Pois o que caracteriza os filhos de mães solteiras é a ausência de pai, e você perdeu o pai quando sua mãe morreu, para só recupera-lo, se é que o recuperou, aos seis anos de idade...

E quando você estava começando a crescer, estudos, trabalho, apareceu um namorado. Aparentemente, um namorado maravilhoso...

Na realidade, um namorado muito perigoso. Que, representando um papel que não era dele, fez que você sem perceber de forma inconsciente/consciente remete-se a uma idade que não era sua.

Papel de namorado não é levar, trazer, pagar contas, proibir, exigir, Esse é papel de pai. Nem muito menos dar comida na boca. Esse costuma ser papel de mãe...

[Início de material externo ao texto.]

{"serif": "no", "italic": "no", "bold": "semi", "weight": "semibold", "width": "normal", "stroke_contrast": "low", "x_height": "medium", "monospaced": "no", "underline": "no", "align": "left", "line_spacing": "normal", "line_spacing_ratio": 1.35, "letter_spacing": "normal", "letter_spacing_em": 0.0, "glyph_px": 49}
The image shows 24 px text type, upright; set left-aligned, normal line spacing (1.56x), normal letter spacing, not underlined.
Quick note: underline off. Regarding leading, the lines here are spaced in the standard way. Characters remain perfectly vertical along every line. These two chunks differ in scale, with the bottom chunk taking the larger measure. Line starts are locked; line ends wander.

Agindo assim, ele caiu em sua vida como uma luva que veste bem as mãos... Você não tinha mesmo completado seu crescimento, estava simbolicamente na fase da alfabetização. E diante desse dublê de pai/mãe voltou correndo para a infância.

Tentava, assim, recuperar o afeto perdido quando ainda criancinha, refazer-se da carência. Como um bebê, você se deliciou em não pegar "nem sol, nem chuva", ficar no abrigo das contas pagas, ter alguém que cuidasse de tudo para você.

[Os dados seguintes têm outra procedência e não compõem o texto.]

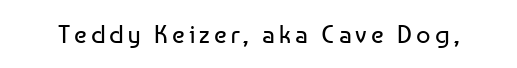
The type sits square on the baseline with zero lean. The strip under each line holds only bare page. Stroke thickness stays within the range of a standard reading face or lighter.
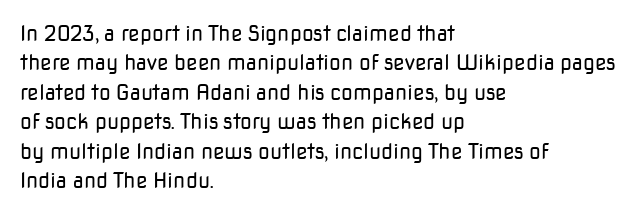
A clean baseline with only descenders dipping below it. If you drew a line through each stem, it would be perfectly vertical. Honestly, the row spacing looks completely unremarkable. Is this a heavy cut? Hardly; it is regular or lighter.
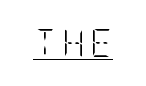
The image shows 28 px light, condensed type, upright; set underlined; low stroke contrast and a large x-height.
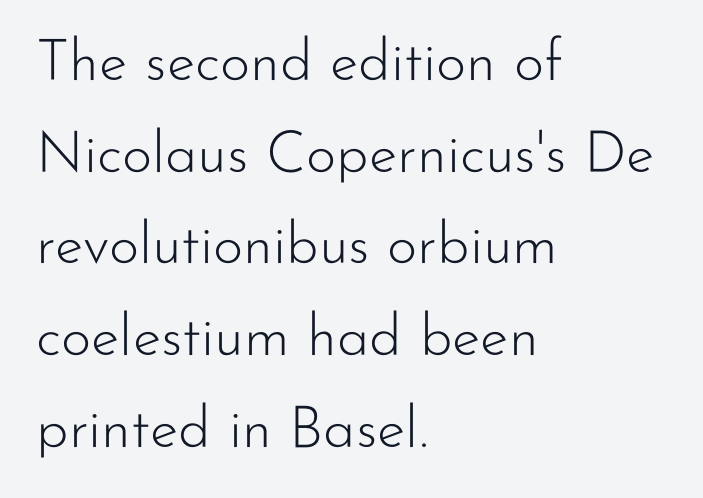
This is roman type, the default non-slanted kind. The letters sit at their default tracking, neither squeezed nor spread. Stem width sits at or under what a default text font uses. The block of text has a typical density, with ordinary space between rows.
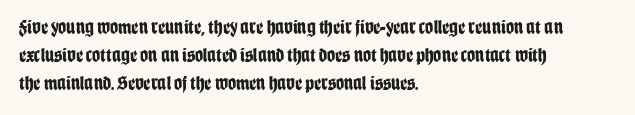
Upright lettering throughout. Each line starts at the same left margin while the right side varies. The passage shown has conventional tracking throughout. The glyphs have the mass of a bold cut. Summary of vertical rhythm: regular, with standard interline spacing. Words float on clear page, feet unadorned.
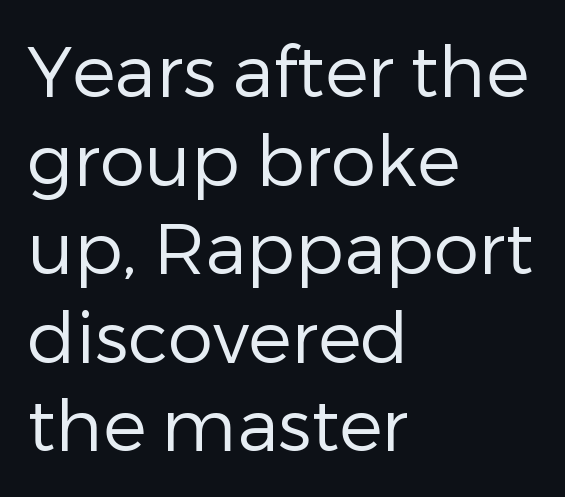
The image shows 72 px regular-weight sans-serif type, upright; set left-aligned, line spacing 1.23x, normal letter spacing, not underlined; low stroke contrast and a medium x-height.
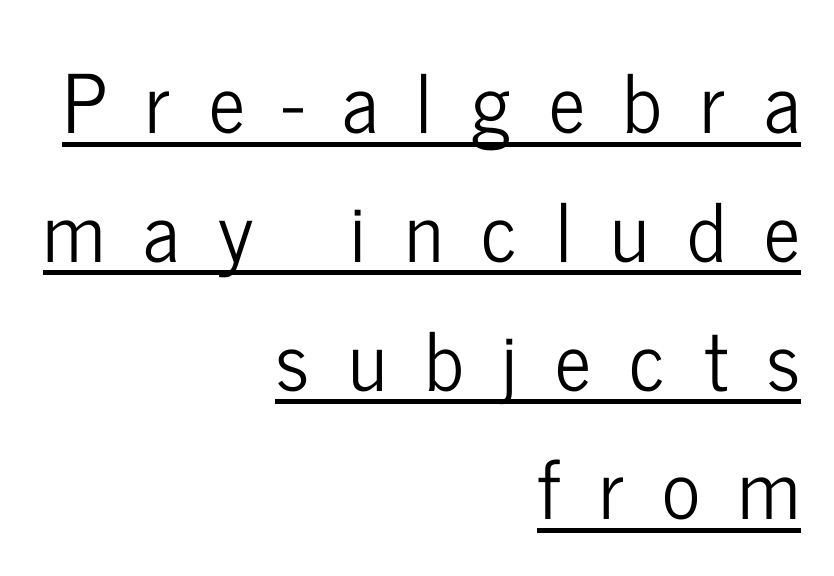
The typesetter chose a ragged-left arrangement here. The type family on display is of the sans-serif kind. Do the letters lean? They stand straight. This sample carries an underscore along the baseline area. Varying glyph widths throughout — classic text-font behaviour.
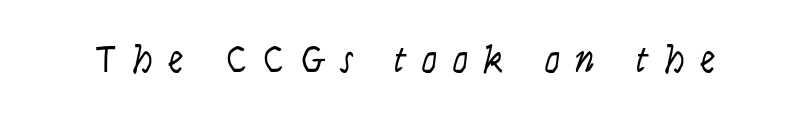
The rendering inserts visible extra space after every character. The typeface chosen for these lines omits serifs. A clean baseline with only descenders dipping below it. Each letter keeps its own natural width here, so spacing adapts to shape.
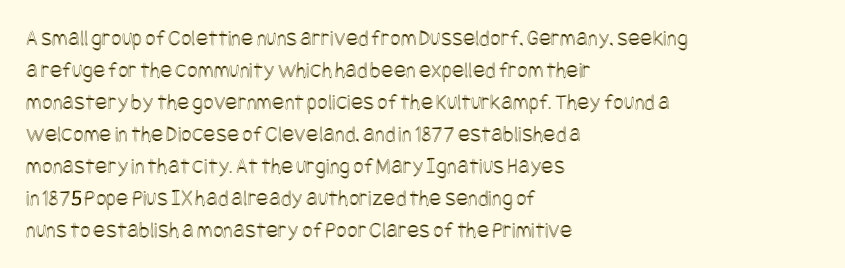
The image shows 23 px text type, upright; set left-aligned, normal line spacing (1.39x), normal letter spacing, not underlined.
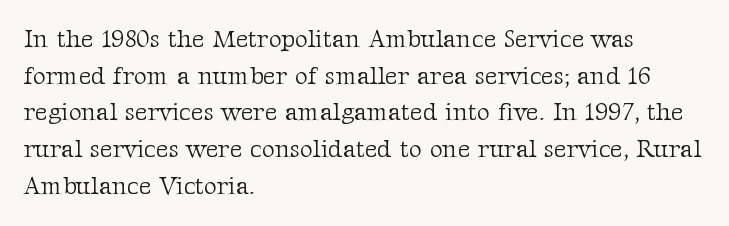
Weight: in the light-to-regular range. In CSS terms this would be text-align: left. The letters stand straight up with perfectly vertical stems. Each new line begins a customary step beneath the previous one. Characters follow at the spacing the type designer built in.
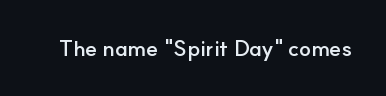
The image shows 22 px bold type, upright; set normal letter spacing, not underlined.
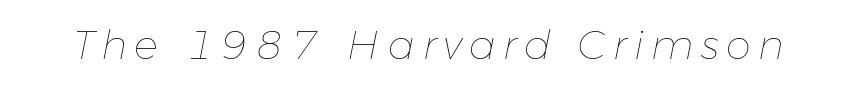
The image shows 40 px thin type, italic (leaning right); set not underlined; low stroke contrast and a medium x-height.
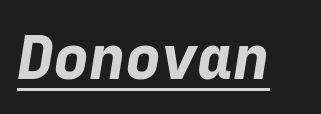
{"italic": "yes", "lean": "right", "slant_degrees": 9, "bold": "yes", "weight": "bold", "width": "normal", "stroke_contrast": "low", "x_height": "medium", "monospaced": "yes", "underline": "yes", "letter_spacing": "normal", "letter_spacing_em": 0.0, "glyph_px": 60}

Mas para isso teve que abrir mão das amizades, e, pior que tudo teve que desistir da alfabetização. Como bebê, você não sabia mais ler, não sabia interpretar o mundo. E assim não se deu conta de que bebê pode ser muito encantador, mas não supre as necessidades afetivas de um adulto.

A mulher com quem ele se foi está gravida, provavelmente não é um bebê. E você também deixará de sé-lo quando perceber que não é tão pobre quanto pensa, não tem só o dia e a noite, como bebê, cuja a única percepção é a claridade. 

Tem a si mesmo. Tem sua juventude, seu trabalho, sua capacidade de conquistar as coisas todas que deseja. Como adulta. 

E quando tiver se tornado adulta, será mais fácil receber o afeto, não de um pai, mas de um homem que a queira, como se quer uma mulher.

Se quiser ser acompanhada por um profissional na região onde mora, por favor mande-me um e-mail de resposta e eu indico um profissional mais próximo. Se pensa que não tem como pagar, não fique com vergonha de procurar o profissional e conversar com ele. Conversando você chegam à um acordo. Isso é uma atitude de um adulto.

Com carinho e agradecido por ter enviado seu e-mail.